And we’re not tilting at windmills, friends-this be the real thing and all. I trust you have a very many intoxicants and mood-enhancers at arm’s length, that you’ve finished tying the children up in the basement, (or crawlspace, either one is fine) handed the wife a few 20’s and said, “you haven’t seen [insert frenemy here] in such a long time-why don’t you invite her out to brunch?” You’re a regular Howard Roark from The Fountainhead, aren’t you? It’s your way or the highway-you’re not gonna watch the games with a bunch of damn collectivists. “It’s too important a day for ‘people'”, you say to yourself. “One must strike out on one’s own. Establish the trail. Go it alone. Stand tall.”

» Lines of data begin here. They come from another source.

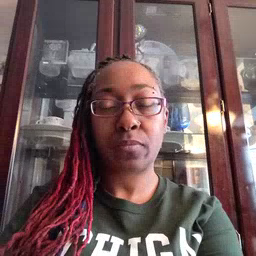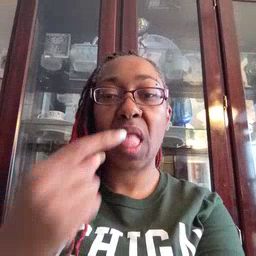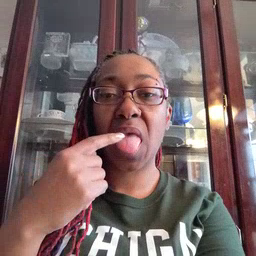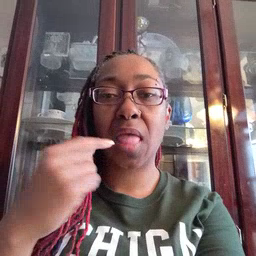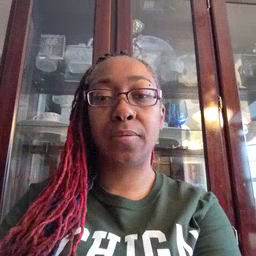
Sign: tongue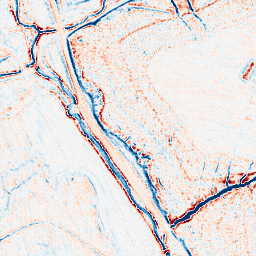
Category: edge_preserving
Decomposition family: anisotropic_diffusion
Decomposition parameters: iterations: 10
kappa: 50
gamma: 0.15
Upsampling method: sinc_blackman
Upsampling parameters: scale: 8
kernel_size: 16
Upsampling scale: 8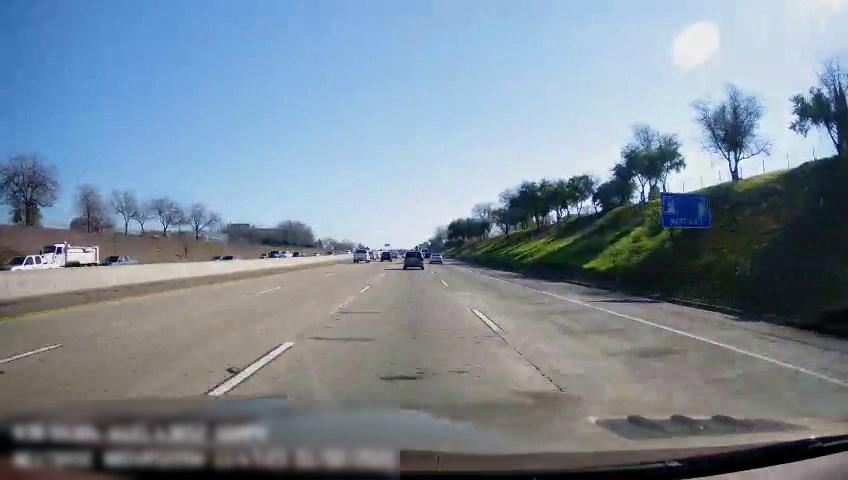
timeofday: Day
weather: Sunny
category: Drivable Space
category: Vehicles | Truck
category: Vehicles | SUV
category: Vehicles | SUV
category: Vehicles | SUV
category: Vehicles | Truck
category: Vehicles | SUV
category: Vehicles | SUV
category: Vehicles | Car
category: Vehicles | SUV
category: Lanes | Alternate Lane
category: Lanes | Alternate Lane
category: Lanes | Alternate Lane
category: Lanes | Alternate Lane
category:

Damn, that was one fine #feverdream, wasn’t it? Just do what you do, barge into the comments as you see fit and make with the funny. TO THE GAMES!
Steelers/Brownies:
Did you stash James Connor at the end of your fantasy bench because you’re a sneaky weasel? Well done. Tire Rod gets the start in Cleveland and talent-wise the cupboard isn’t its usual bare shelf. It might be enough vs. a Bell-less Pitt team.
Bengalis/Colts:
Things are looking up in Indy now that Mr. Luck is back behind center. Starting rb Mack is out however but is he really going to carry the load this year? The backfield just looks very thin to me.
Titans/Fins:
Them Titans are putting together the old “Thunder and Lightning” backfield duo of Derrick Henry and Dion Lewis. Personally, I expect Henry to have a monster season in 2018 after being robbed of carries by the battered shell of DeMarco Murray last year.
Niners/Vikers:
Jimmy G’s short-passing game plan vs. the aggressive Minny D went out the window when rb MacKinnon blew an axle. In steps the very adequate journeyman Alfred Morris and the untested Matt Breida. That’s a step back, for sure.
Texans/Pats:
Last year Houston barely lost 36-33 to a Brady that was looking to go long to Cooks and Gronk. The pressure applied by the Texans d-line made the game close. I’m sure they’ll go back to the well game-planning-wise while the Pats feature a dink and dunk game with Burkhead, Hogan and some undrafted guy from East Boston Tech. Pats win.
Bills/Ravens:
Buffalo, this is Nathan Peterman’s team now. Govern yourselves accordingly.
Jags/Giant:
Much yackety-yakking focuses around the Old Dirty Beckham/J. Ramsey tete-a-tete but I think the key will be te Engram on lb Gipson. Gipson is a fine player but he doesn’t have the speed to keep up with Engram. He’s got that in common with every other lb in the league. Yes, the Giants O appears to be more dynamic (and more importantly) free of the influence of the Coughlin/MacAdoo mindset that resided there for so long. That said, if I see a delayed draw play on a 3rd and long obvious passing down I will murder everything on my street. Grandmothers, toddlers, puppies… I don’t care. EVERYTHING MUST GO!
It’s all yours now.
Ok Jags defense time to rough up Eli and welcome the Kiddie Fucker U Running Back.
Vatican University?
Browns already looking like a 2-4 win team. That’s a compliment for them. In Tyrod we trust!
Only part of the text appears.